Problem details: Below are records to print word for word; include none of their pictures.

Records excerpted from a collection
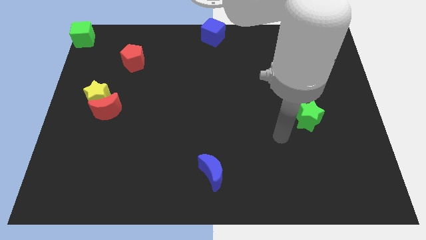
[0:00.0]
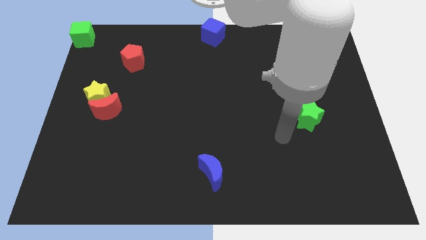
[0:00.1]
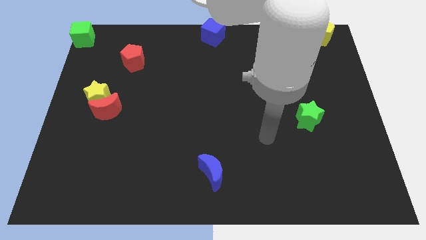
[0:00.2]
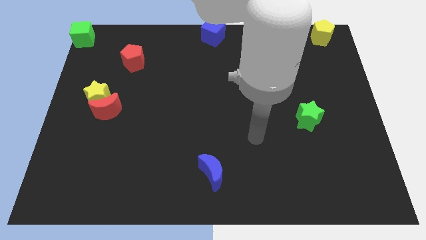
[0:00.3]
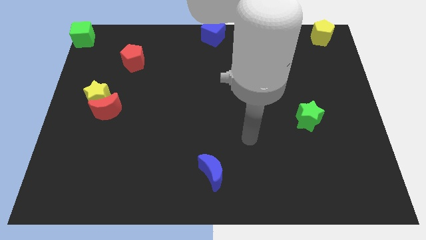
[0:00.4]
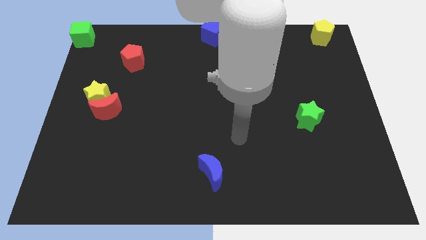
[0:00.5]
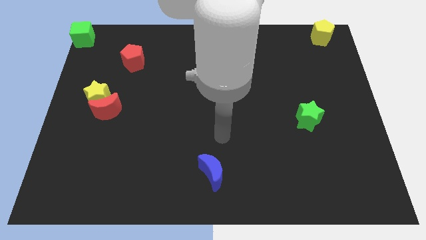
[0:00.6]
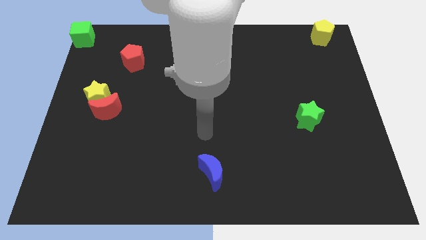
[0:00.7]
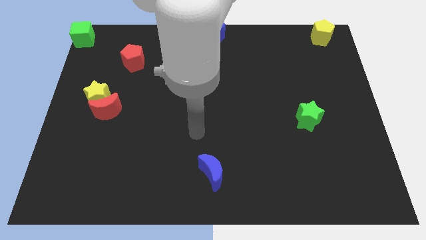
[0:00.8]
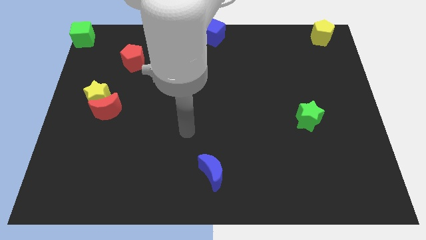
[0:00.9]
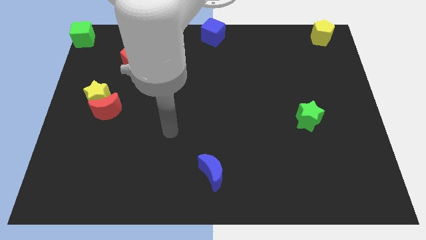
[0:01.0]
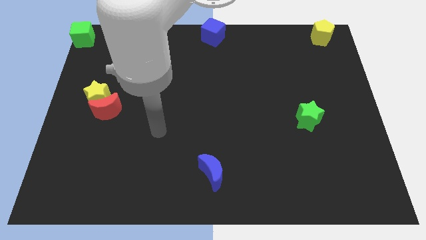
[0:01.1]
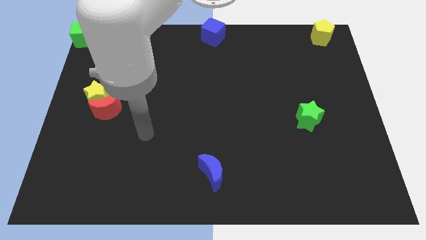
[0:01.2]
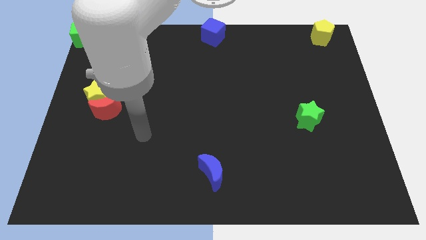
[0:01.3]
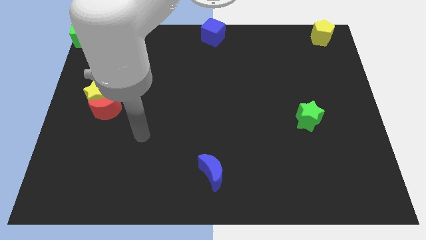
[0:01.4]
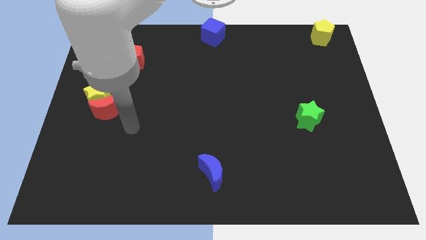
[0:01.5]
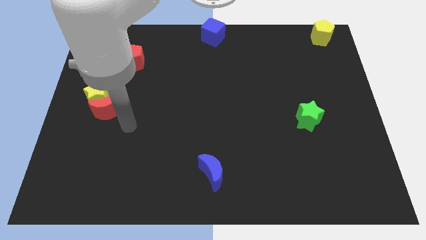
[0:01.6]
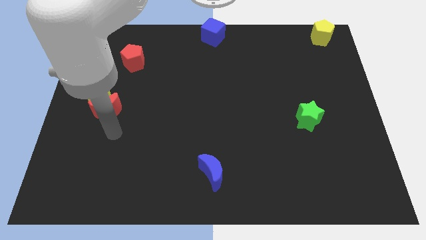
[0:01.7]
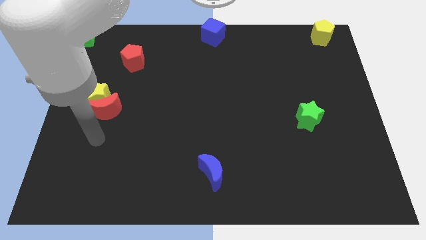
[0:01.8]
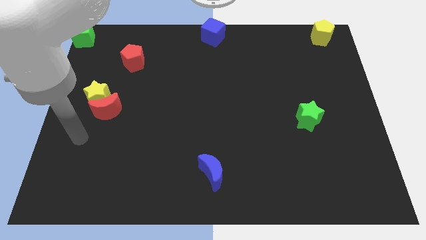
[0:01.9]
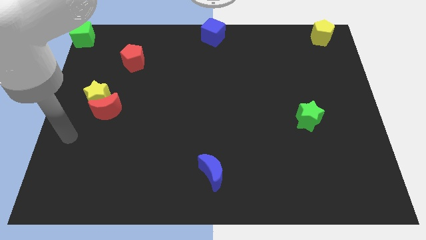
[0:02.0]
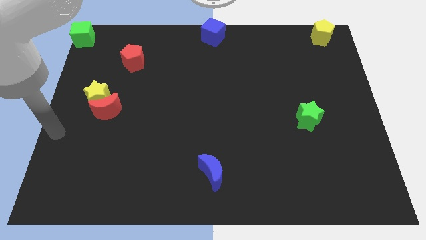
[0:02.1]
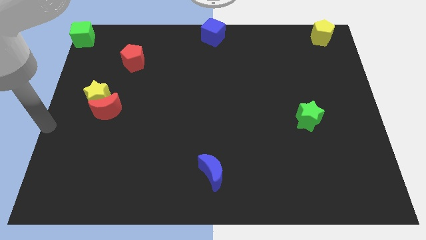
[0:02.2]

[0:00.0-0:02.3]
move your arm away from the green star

Result of this task:
[0:00.0]
[0:00.1]
[0:00.2]
[0:00.3]
[0:00.4]
[0:00.5]
[0:00.6]
[0:00.7]
[0:00.8]
[0:00.9]
[0:01.0]
[0:01.1]
[0:01.2]
[0:01.3]
[0:01.4]
[0:01.5]
[0:01.6]
[0:01.7]
[0:01.8]
[0:01.9]
[0:02.0]
[0:02.1]
[0:02.2]

[0:00.0-0:02.3]
move your arm away from the green star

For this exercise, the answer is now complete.